## Task description:
Omit every picture, then give all the entries again exactly.

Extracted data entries
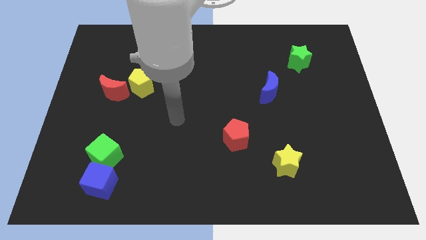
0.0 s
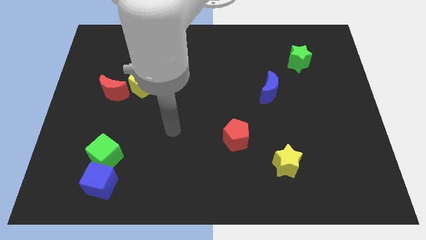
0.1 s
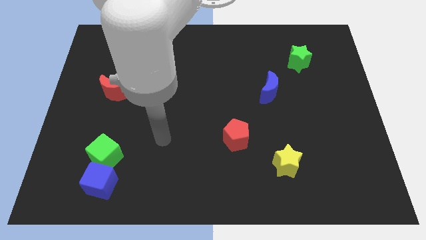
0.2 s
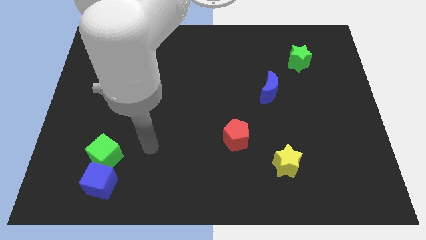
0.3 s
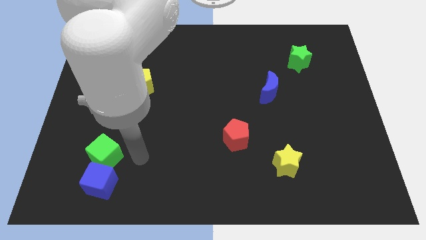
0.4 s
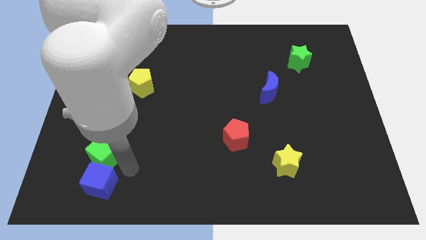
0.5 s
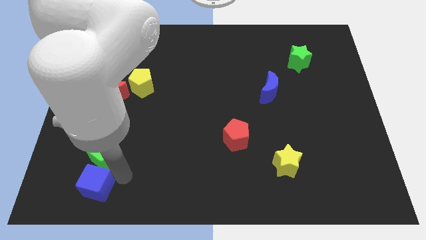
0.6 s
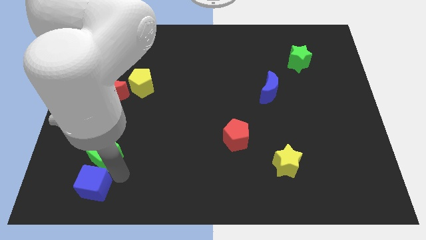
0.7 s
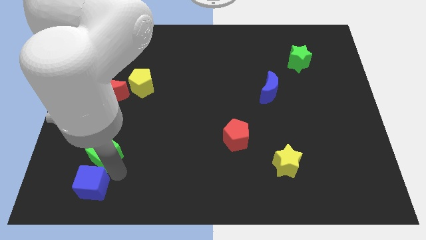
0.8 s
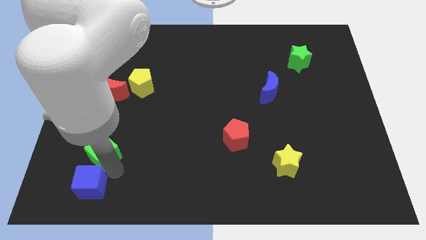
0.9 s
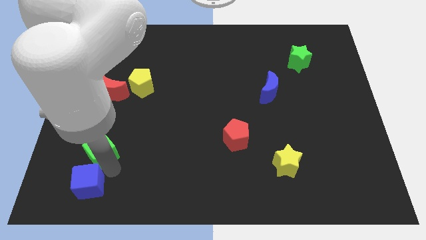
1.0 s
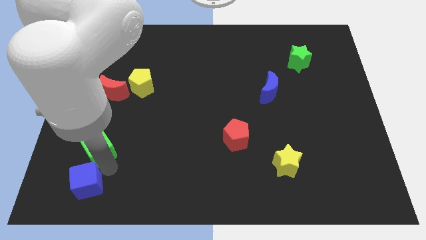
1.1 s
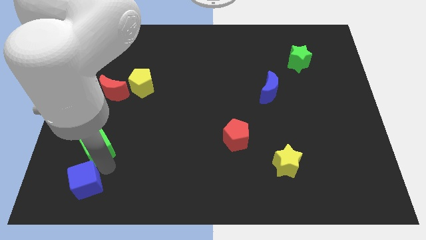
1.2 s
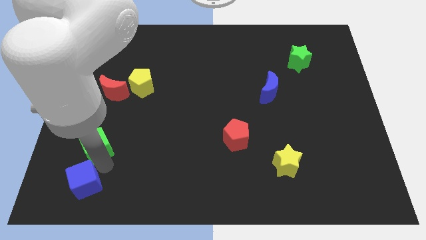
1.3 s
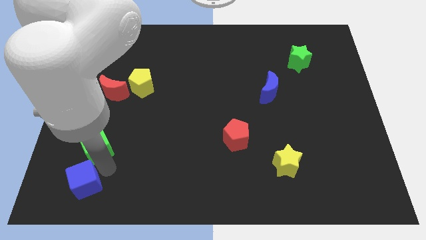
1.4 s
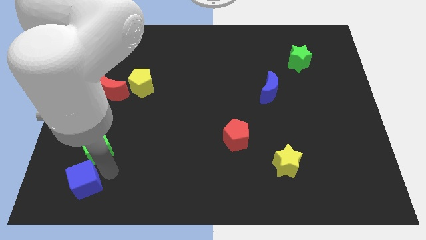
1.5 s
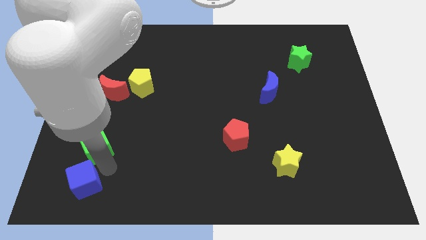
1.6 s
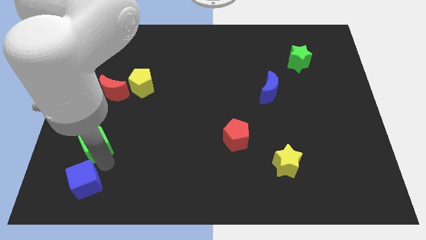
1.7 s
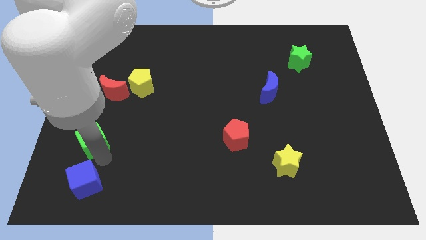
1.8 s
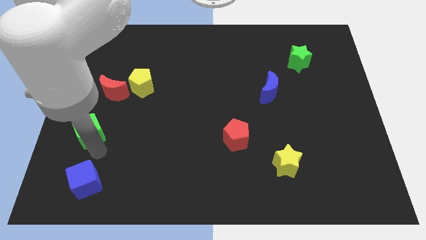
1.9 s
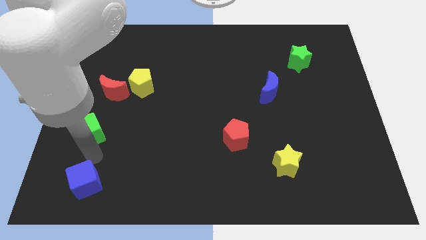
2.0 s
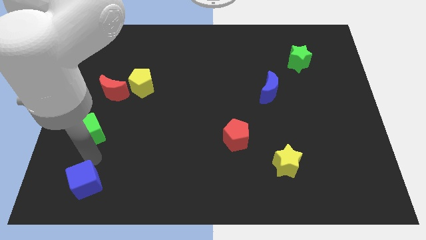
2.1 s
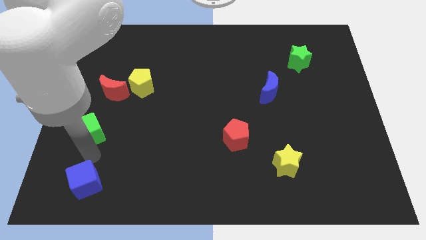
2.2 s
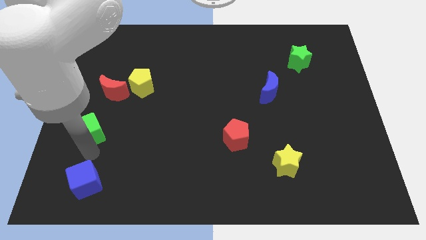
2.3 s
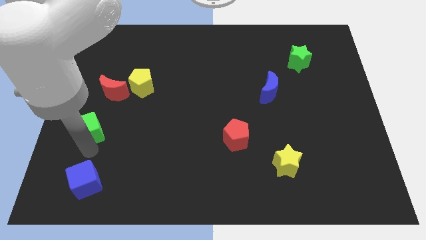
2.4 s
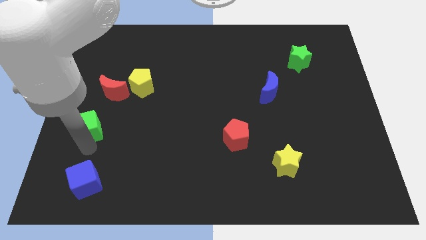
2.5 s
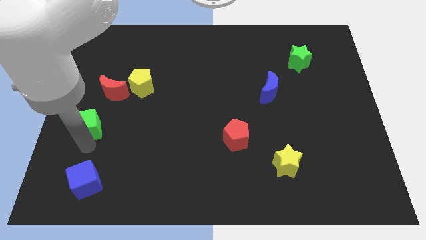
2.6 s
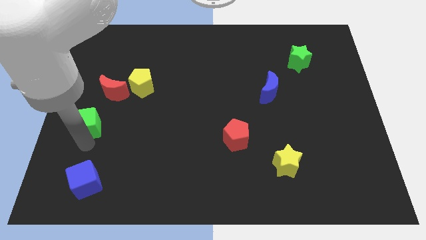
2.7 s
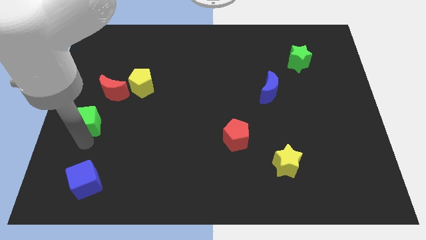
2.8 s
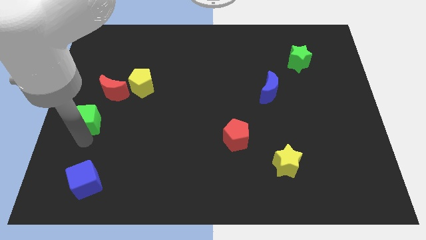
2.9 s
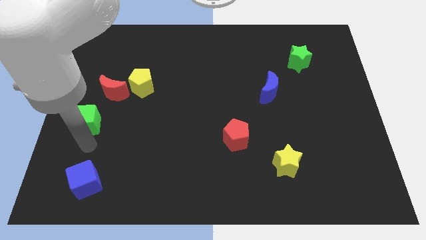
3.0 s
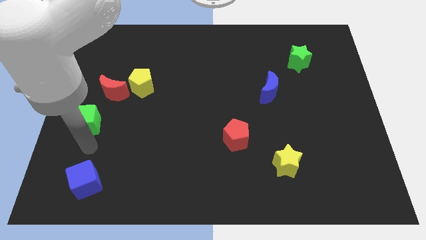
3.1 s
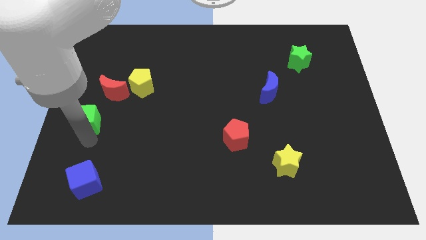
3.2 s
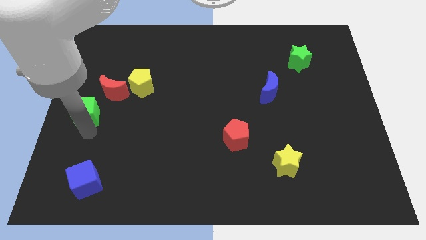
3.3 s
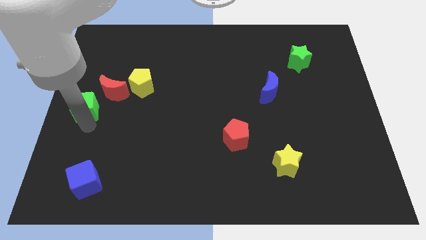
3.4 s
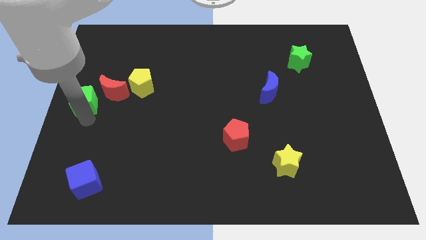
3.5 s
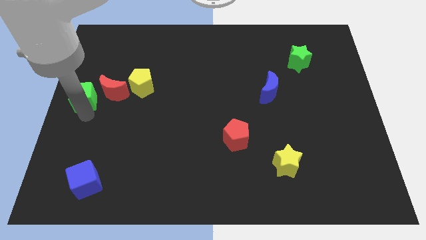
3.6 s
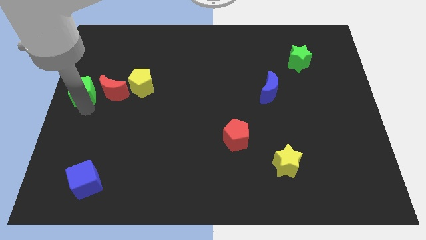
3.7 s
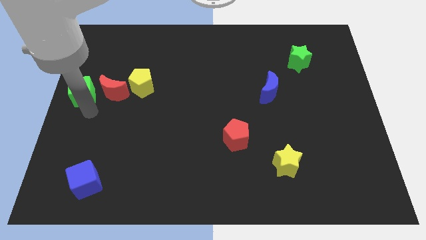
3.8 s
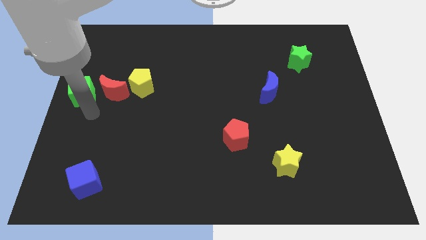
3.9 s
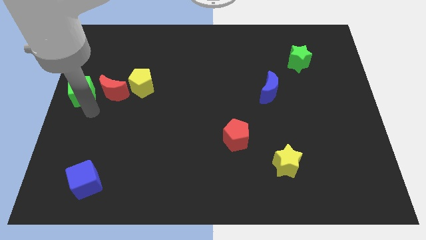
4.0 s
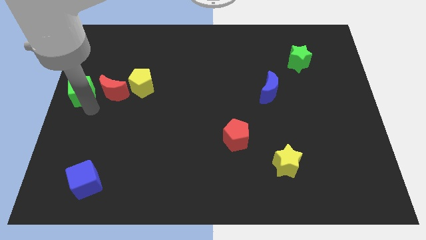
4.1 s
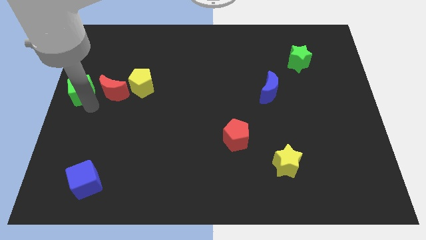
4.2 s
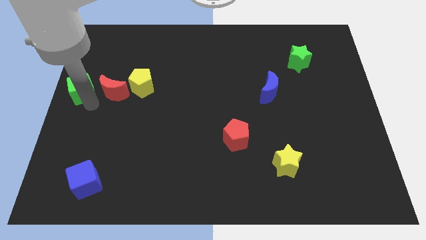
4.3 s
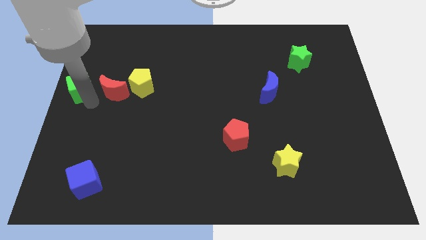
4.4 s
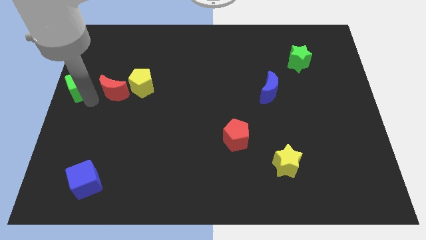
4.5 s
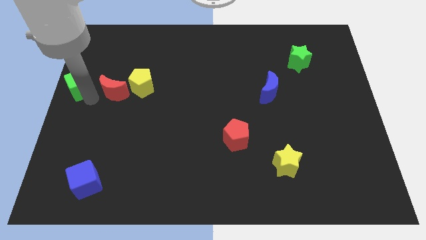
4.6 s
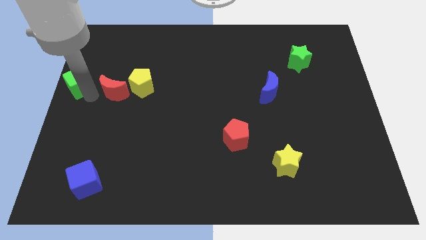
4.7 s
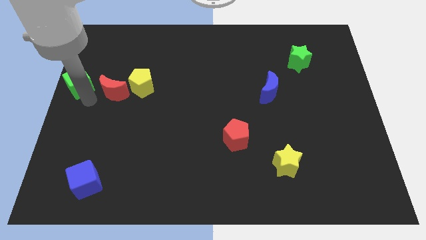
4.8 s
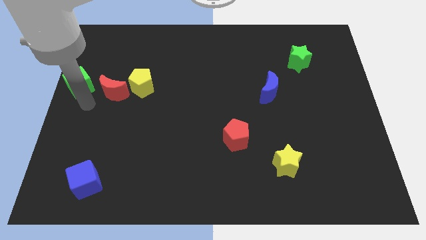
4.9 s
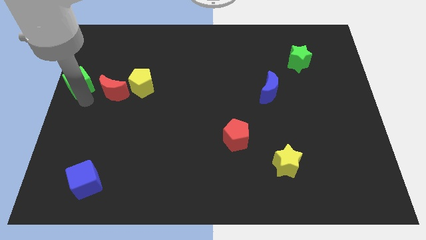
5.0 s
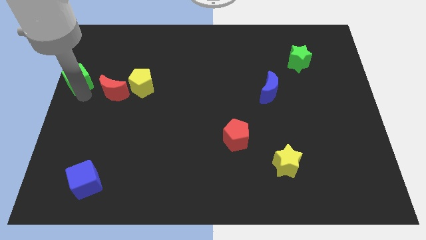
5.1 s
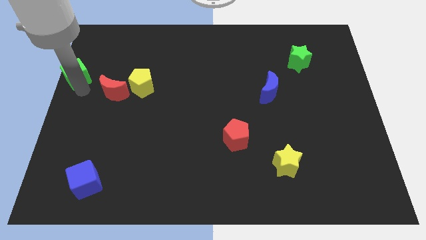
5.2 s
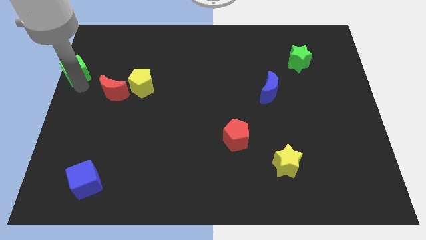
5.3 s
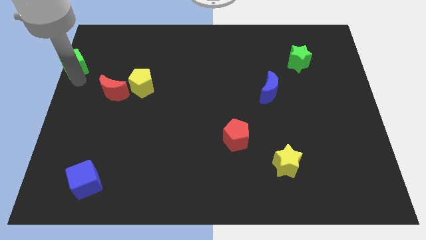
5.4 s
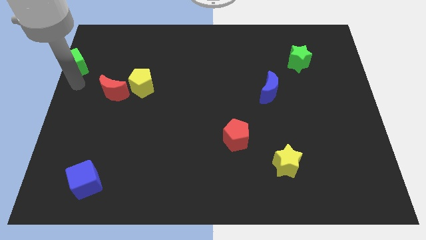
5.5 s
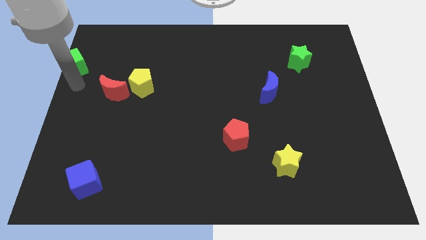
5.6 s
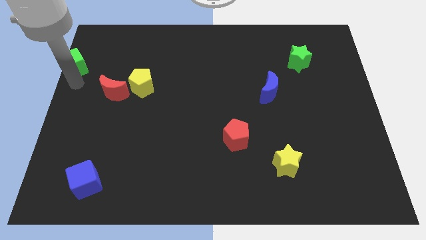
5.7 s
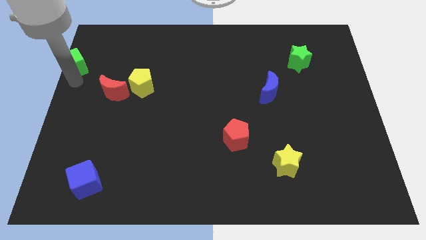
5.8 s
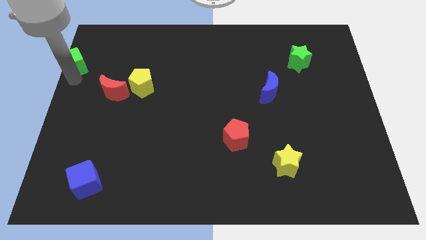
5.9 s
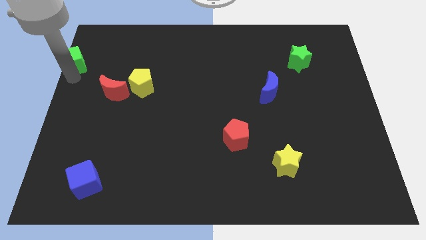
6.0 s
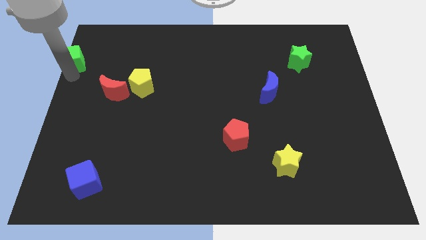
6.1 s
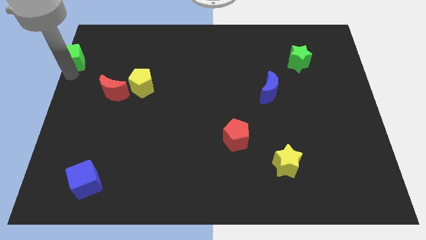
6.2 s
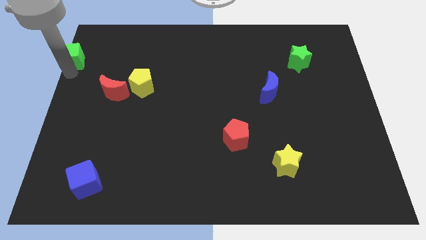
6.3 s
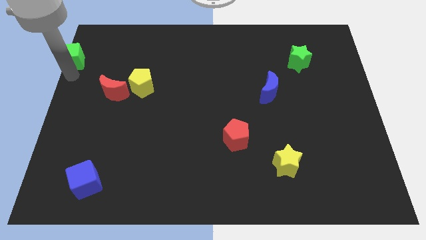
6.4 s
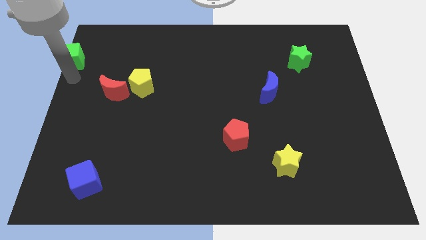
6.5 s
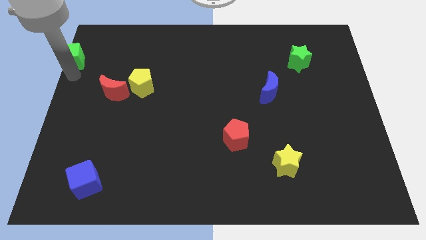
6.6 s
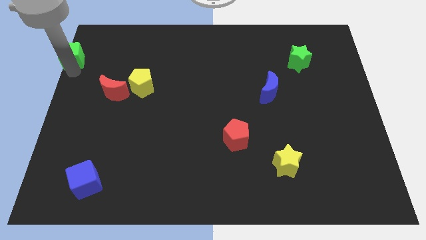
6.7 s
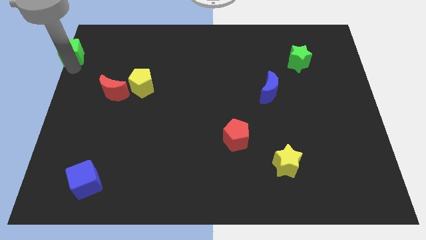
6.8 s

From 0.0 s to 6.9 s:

## Exercise answer:
0.0 s
0.1 s
0.2 s
0.3 s
0.4 s
0.5 s
0.6 s
0.7 s
0.8 s
0.9 s
1.0 s
1.1 s
1.2 s
1.3 s
1.4 s
1.5 s
1.6 s
1.7 s
1.8 s
1.9 s
2.0 s
2.1 s
2.2 s
2.3 s
2.4 s
2.5 s
2.6 s
2.7 s
2.8 s
2.9 s
3.0 s
3.1 s
3.2 s
3.3 s
3.4 s
3.5 s
3.6 s
3.7 s
3.8 s
3.9 s
4.0 s
4.1 s
4.2 s
4.3 s
4.4 s
4.5 s
4.6 s
4.7 s
4.8 s
4.9 s
5.0 s
5.1 s
5.2 s
5.3 s
5.4 s
5.5 s
5.6 s
5.7 s
5.8 s
5.9 s
6.0 s
6.1 s
6.2 s
6.3 s
6.4 s
6.5 s
6.6 s
6.7 s
6.8 s

From 0.0 s to 6.9 s:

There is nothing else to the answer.